// EUR

Thursday 1st January 1970

Trade or No Trade

As US and global equities enjoyed their best trading day in more than two years during yesterday’s European session, the Dollar caught an impressive bid too. The volatility within the Dollar saw it rally through multiple cents against the Pound, the trade at 1.4060 (down from market open of 1.4240) against the Pound and 1.2375 (down from a market open of 1.2475) against the Euro by midday.


The rally divided investors, who were unable to unanimously settle on a cause: trade or coincidence! Whilst the former’s argument surrounding the reduction in global risk from the lightening of a trade war between the United States and China sounds more plausible, it does lack considerable evidence.


Certainly, the escalation in tension between the two global economic behemoths has worried the US Dollar, inciting risk off strategies to the considerable detriment of the Dollar. The risk has been so great that many analysts have commented that, when considered in conjunction with the proven and expected propensity of the Trump administration to create immense uncertainty, the Dollar could be at risk from gradually losing its status as the world’s foremost reserve currency.


Particularly when one considers the significance and composition of international foreign exchange reserves, the story gains plausibility. The victim of Trump’s assault, China, is the world’s single largest holder of foreign exchange reserves. In fact, its reserves, thought to be disproportionately held in US Dollars, are more than two times larger than the second largest holder of currency reserve, Japan.


When Trump announced the imposition of $60bn of tariffs on Chinese imports and Steel, the Dollar, along with equity markets, struggled. Moreover, the escalation of tension concomitant with the retaliation of the States’ Asian counterpart and the threat of a full-blown trade war in a fragile global economy only developed the Dollar’s woes.


Whilst dumping exchange reserves could perceivably damage a domestic economy, it is highly likely that in the case of China, the move would be positive for the domestic economy and currency. Dumping the Dollar en masse would demonstrate China’s developing commitment to economic openness and a floating exchange rate. Therefore, the threat of China to the Dollar is considerable and credible.


A weak Dollar may not be bad for the US economy; this fact was even admitted by the administration’s own Secretary of the Treasury, Steven Mnuchin. However, the plausibility of the move forced investors not to carry too much risk by holding the Dollar and equities, hence their sell off.


So far, therefore, I think you’ll agree that the case for Tuesday’s remarkably bullish Dollar could be explained well by a decrease in the risk of a global trade war involving the United States. However, there remains one critical problem: the absolute lack of evidence regarding a warming of sentiment between the US and China ahead of European market open this morning!


In fact, laughably, the claim of Mnuchin over the weekend that he is ‘hopeful’ for a trade deal between the US and China has been praised for a rally that showed no signs of occurring for 36 hours! Instead, the month end balancing of portfolios and movement of trillions of Dollars ahead of the Easter weekend could be to blame, making the rally highly unremarkable.
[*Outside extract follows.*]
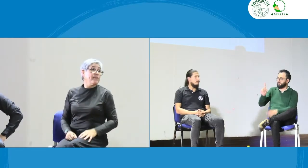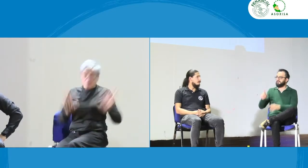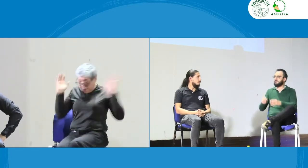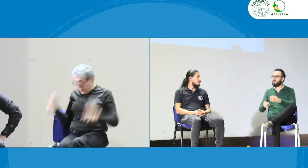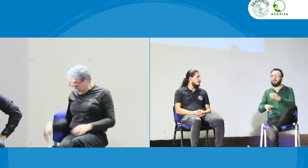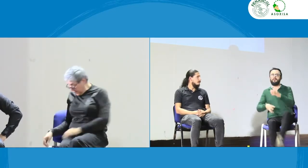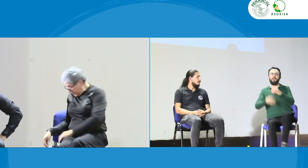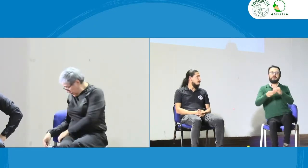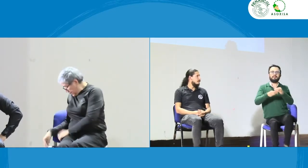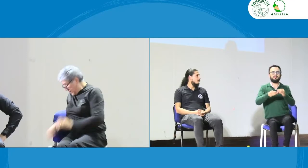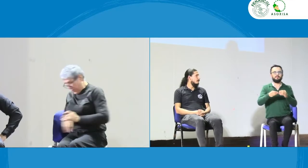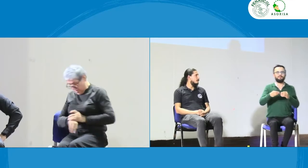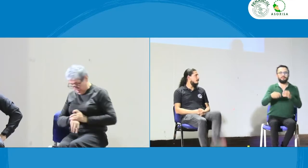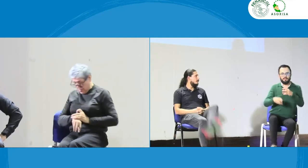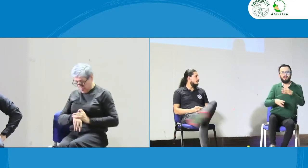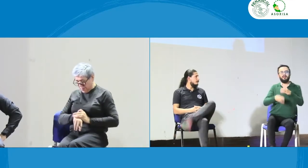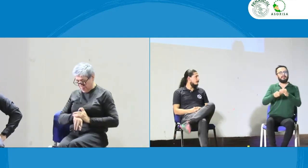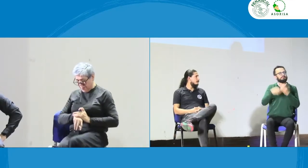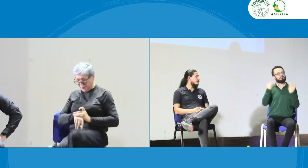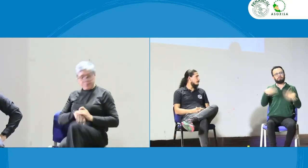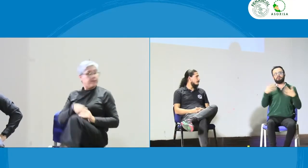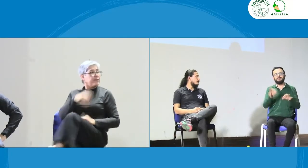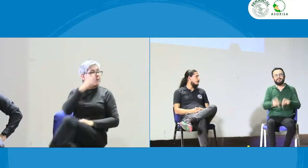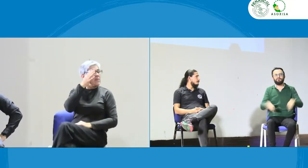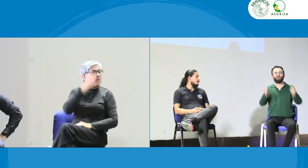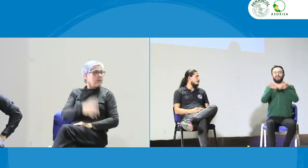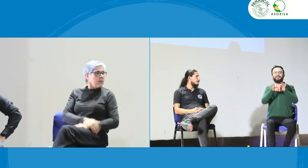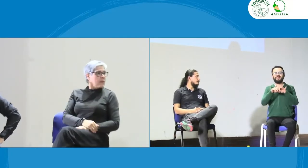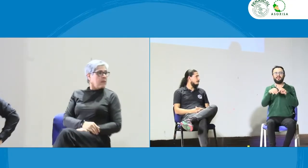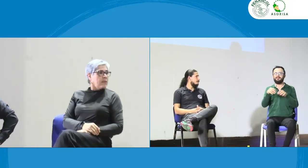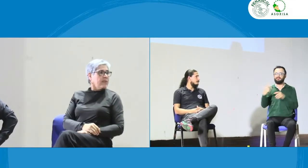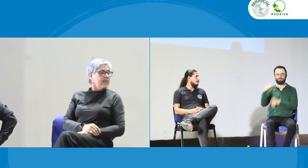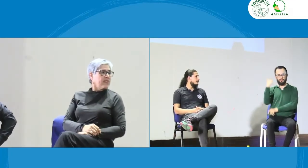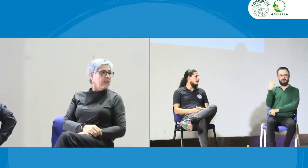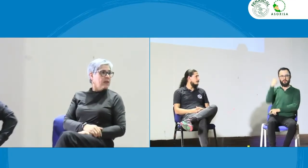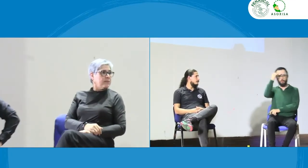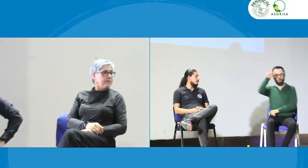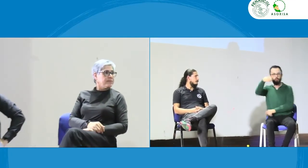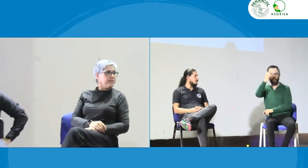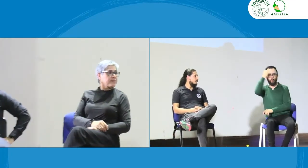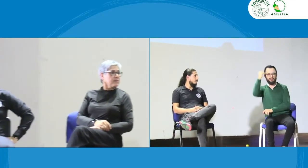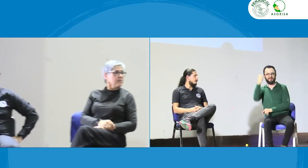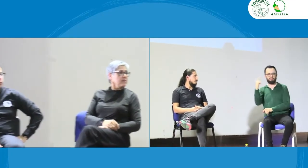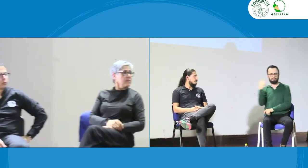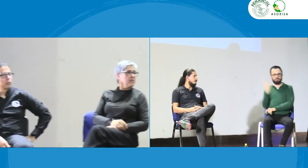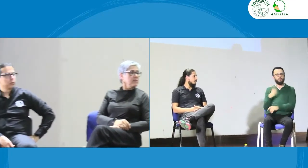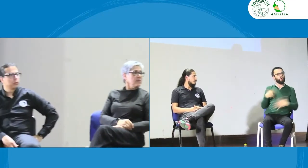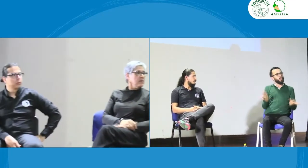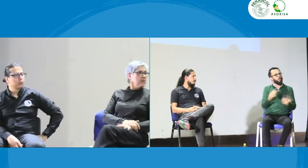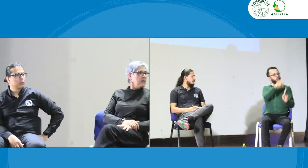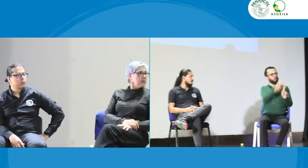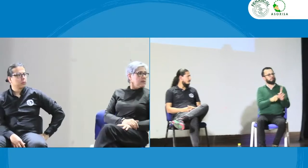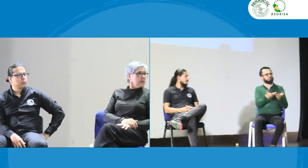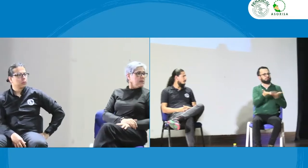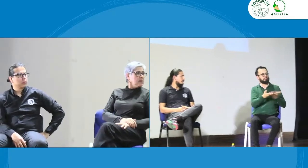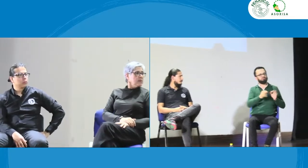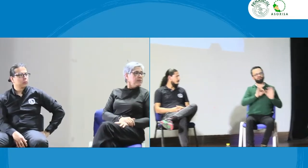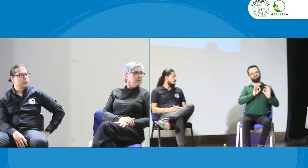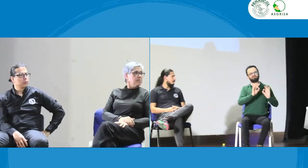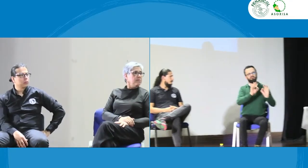Y es que, además de eso, es sumamente importante lo que Guaquín estaba diciendo, que cuando una
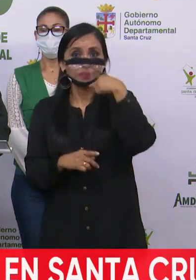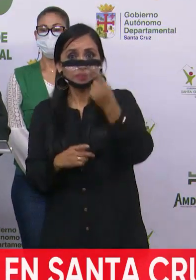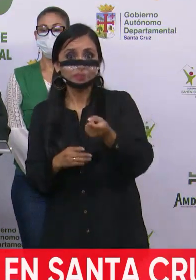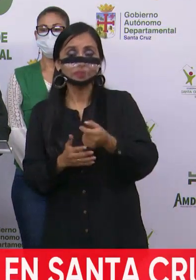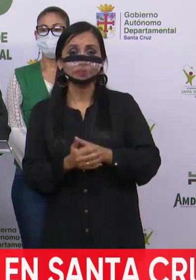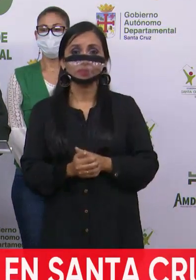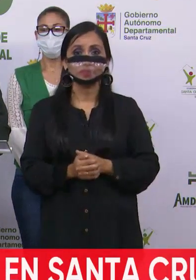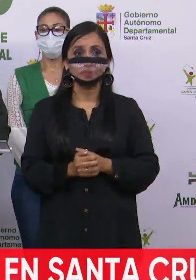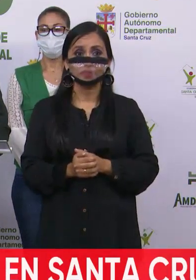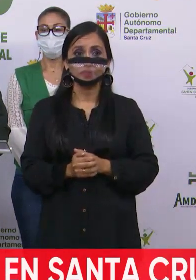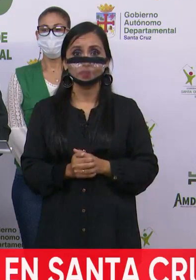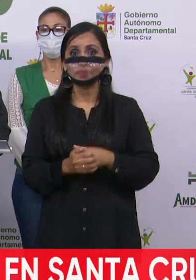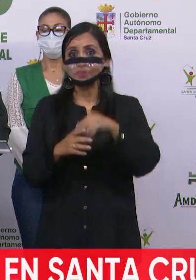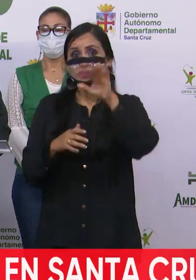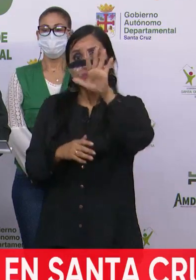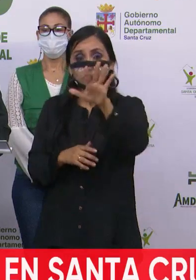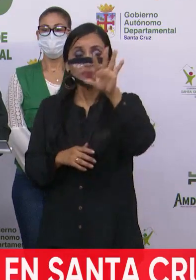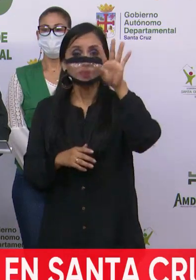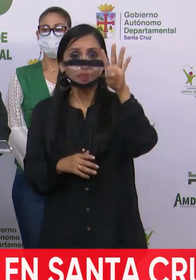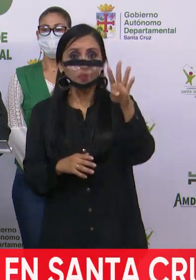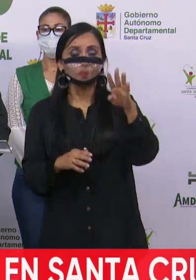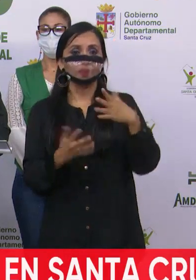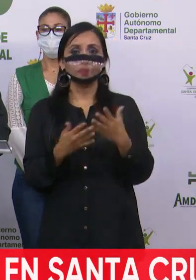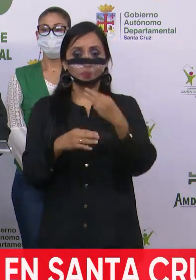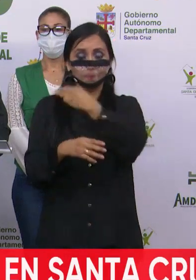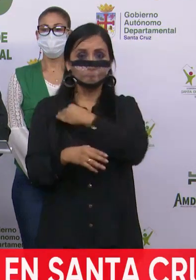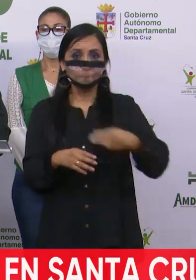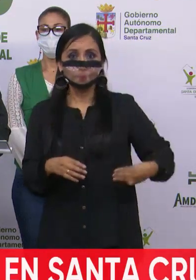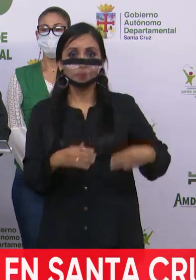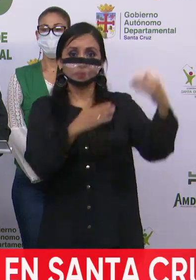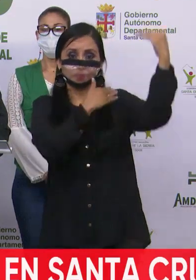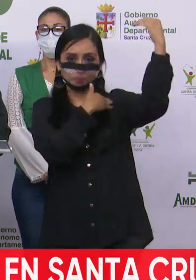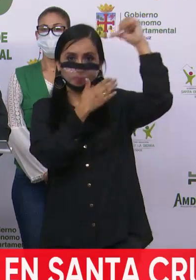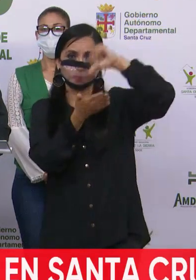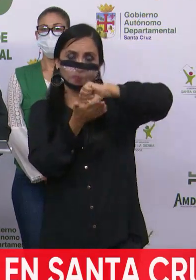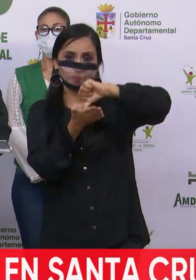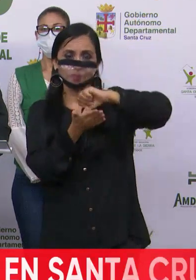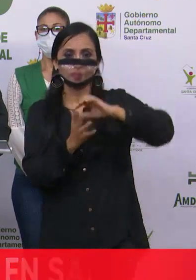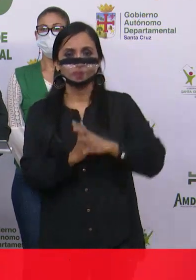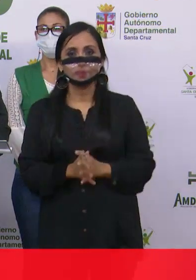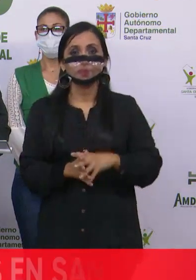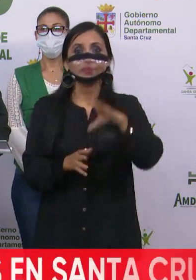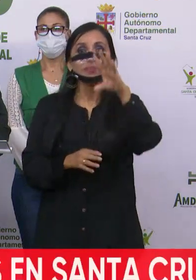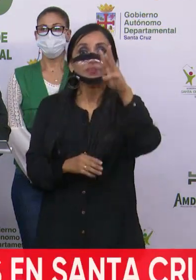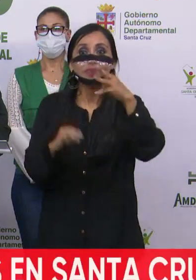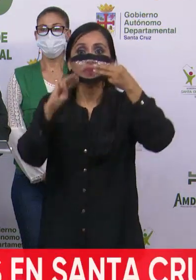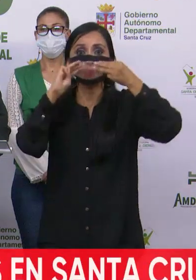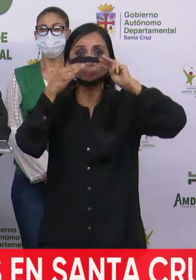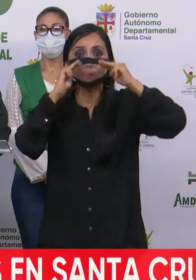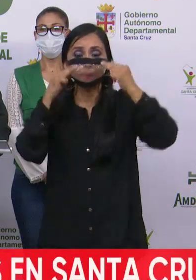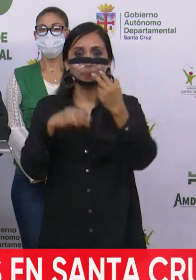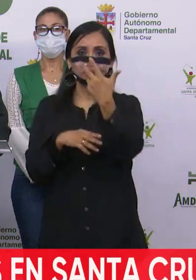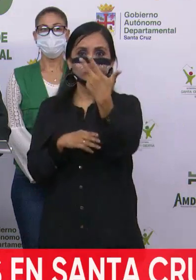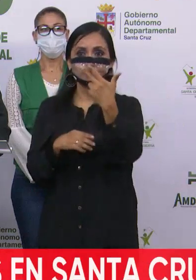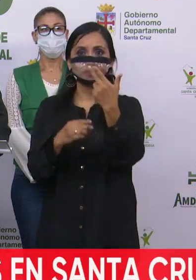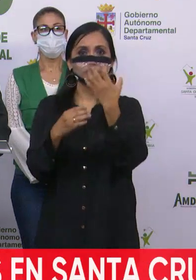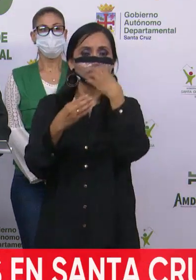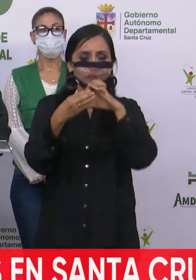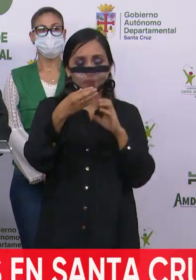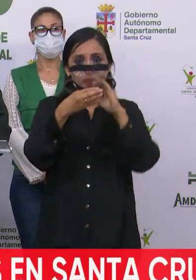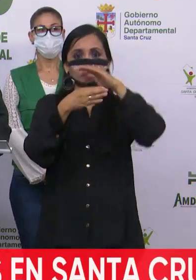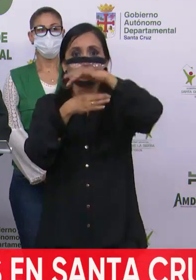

The true cause is likely to become apparent by the reaction of markets in the event (or non-event) of a tangible reduction in the trading tension between the US and China. If a deal is announced between the two global trading superpowers and only a modest rally takes place, it will suggest that today’s rally represented the pricing in of much of this progress into the Dollar. Understanding this dynamic will be important to accurately forecasting the medium-term path of the Dollar.